Copper tumbled the most in almost six years as it followed other metals lower amid a collapse in commodities.
Lower energy costs and demand weakness amid worse-than-expected economic data in China are driving prices down, according to Goldman Sachs Group Inc. Consumption in the world’s biggest user will grow at the slowest pace since at least 2009, Deutsche Bank AG estimates. Prices slumped as much as 8.6 percent in London today and fell by the daily limit in Shanghai.
Commodities have sunk to the lowest level in more than 12 years, led by a rout in energy prices, after a decade-long bull market led producers to boost output and a stronger dollar diminished their allure to investors. Oil’s 60 percent decline since last year’s peak is cutting costs for mining companies and bolstering speculation the glut will worsen.
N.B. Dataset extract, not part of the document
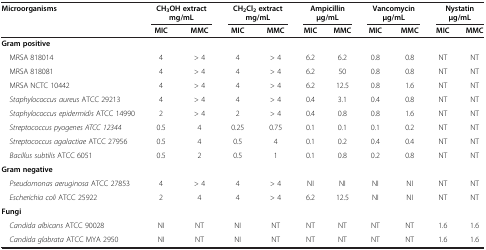
<table><thead><tr><td rowspan="2"><b>Microorganisms</b></td><td colspan="2"><b>CH<sub>3</sub>OH extract mg/mL</b></td><td colspan="2"><b>CH<sub>2</sub>Cl<sub>2 </sub>extract mg/mL</b></td><td colspan="2"><b>Ampicillin μg/mL</b></td><td colspan="2"><b>Vancomycin μg/mL</b></td><td colspan="2"><b>Nystatin μg/mL</b></td></tr><tr><td><b>MIC</b></td><td><b>MMC</b></td><td><b>MIC</b></td><td><b>MMC</b></td><td><b>MIC</b></td><td><b>MMC</b></td><td><b>MIC</b></td><td><b>MMC</b></td><td><b>MIC</b></td><td><b>MMC</b></td></tr></thead><tbody><tr><td><b>Gram positive</b></td><td> </td><td> </td><td> </td><td> </td><td> </td><td> </td><td> </td><td> </td><td> </td><td> </td></tr><tr><td> MRSA 818014</td><td>4</td><td>&gt; 4</td><td>4</td><td>&gt; 4</td><td>6.2</td><td>6.2</td><td>0.8</td><td>0.8</td><td>NT</td><td>NT</td></tr><tr><td> MRSA 818081</td><td>4</td><td>&gt; 4</td><td>4</td><td>&gt; 4</td><td>6.2</td><td>50</td><td>0.8</td><td>0.8</td><td>NT</td><td>NT</td></tr><tr><td> MRSA NCTC 10442</td><td>4</td><td>&gt; 4</td><td>4</td><td>&gt; 4</td><td>6.2</td><td>12.5</td><td>0.8</td><td>1.6</td><td>NT</td><td>NT</td></tr><tr><td> <i>Staphylococcus aureus</i> ATCC 29213</td><td>4</td><td>&gt; 4</td><td>4</td><td>&gt; 4</td><td>0.4</td><td>3.1</td><td>0.4</td><td>0.8</td><td>NT</td><td>NT</td></tr><tr><td> <i>Staphylococcus epidermidis</i> ATCC 14990</td><td>2</td><td>&gt; 4</td><td>2</td><td>&gt; 4</td><td>0.4</td><td>0.8</td><td>0.8</td><td>1.6</td><td>NT</td><td>NT</td></tr><tr><td> <i>Streptococcus pyogenes ATCC 12344</i></td><td>0.5</td><td>4</td><td>0.25</td><td>0.75</td><td>0.1</td><td>0.1</td><td>0.1</td><td>0.2</td><td>NT</td><td>NT</td></tr><tr><td> <i>Streptococcus agalactiae</i> ATCC 27956</td><td>0.5</td><td>4</td><td>0.5</td><td>4</td><td>0.1</td><td>0.2</td><td>0.4</td><td>0.4</td><td>NT</td><td>NT</td></tr><tr><td> <i>Bacillus subtilis</i> ATCC 6051</td><td>0.5</td><td>2</td><td>0.5</td><td>1</td><td>0.1</td><td>0.8</td><td>0.2</td><td>0.8</td><td>NT</td><td>NT</td></tr><tr><td><b>Gram negative</b></td><td> </td><td> </td><td> </td><td> </td><td> </td><td> </td><td> </td><td> </td><td> </td><td> </td></tr><tr><td> <i>Pseudomonas aeruginosa</i> ATCC 27853</td><td>4</td><td>&gt; 4</td><td>4</td><td>&gt; 4</td><td>NI</td><td>NI</td><td>NI</td><td>NI</td><td>NT</td><td>NT</td></tr><tr><td> <i>Escherichia coli</i> ATCC 25922</td><td>2</td><td>4</td><td>4</td><td>&gt; 4</td><td>6.2</td><td>12.5</td><td>NI</td><td>NI</td><td>NT</td><td>NT</td></tr><tr><td><b>Fungi</b></td><td> </td><td> </td><td> </td><td> </td><td> </td><td> </td><td> </td><td> </td><td> </td><td> </td></tr><tr><td> <i>Candida albicans</i> ATCC 90028</td><td>NI</td><td>NT</td><td>NI</td><td>NT</td><td>NT</td><td>NT</td><td>NT</td><td>NT</td><td>1.6</td><td>1.6</td></tr><tr><td> <i>Candida glabrata</i> ATCC MYA 2950</td><td>NI</td><td>NT</td><td>NI</td><td>NT</td><td>NT</td><td>NT</td><td>NT</td><td>NT</td><td>1.6</td><td>1.6</td></tr></tbody></table>

Copper is the worst performing non-energy raw material this year on the Bloomberg Commodity Index (BCOM), which fell to the lowest since August 2002.
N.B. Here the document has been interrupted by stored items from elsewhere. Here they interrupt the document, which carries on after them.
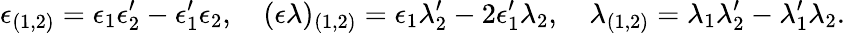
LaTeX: \epsilon_{(1,2)}=\epsilon_{1}\epsilon_{2}^{\prime}-\epsilon_{1}^{\prime}\epsilon_{2},\quad(\epsilon\lambda)_{(1,2)}=\epsilon_{1}\lambda_{2}^{\prime}-2\epsilon_{1}^{\prime}\lambda_{2},\quad\lambda_{(1,2)}=\lambda_{1}\lambda_{2}^{\prime}-\lambda_{1}^{\prime}\lambda_{2}.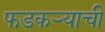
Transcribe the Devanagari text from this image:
फडकऱ्याची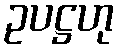
ဥပဋ္ဌဟု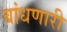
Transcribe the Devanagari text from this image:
बांधणारी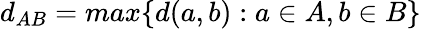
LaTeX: d_{AB}=max\{ d(a,b):a\in A,b\in B\}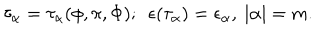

“People have seen oil prices decline so much and now they’re targeting other commodities,” Ivan Szpakowski, an analyst at Citigroup Inc. in Hong Kong, said in an interview with Bloomberg TV today. Copper is falling faster than most other commodities because “it’s the one that is played by the macro investors and by people who are looking at the broader picture rather than commodity fundamentals.”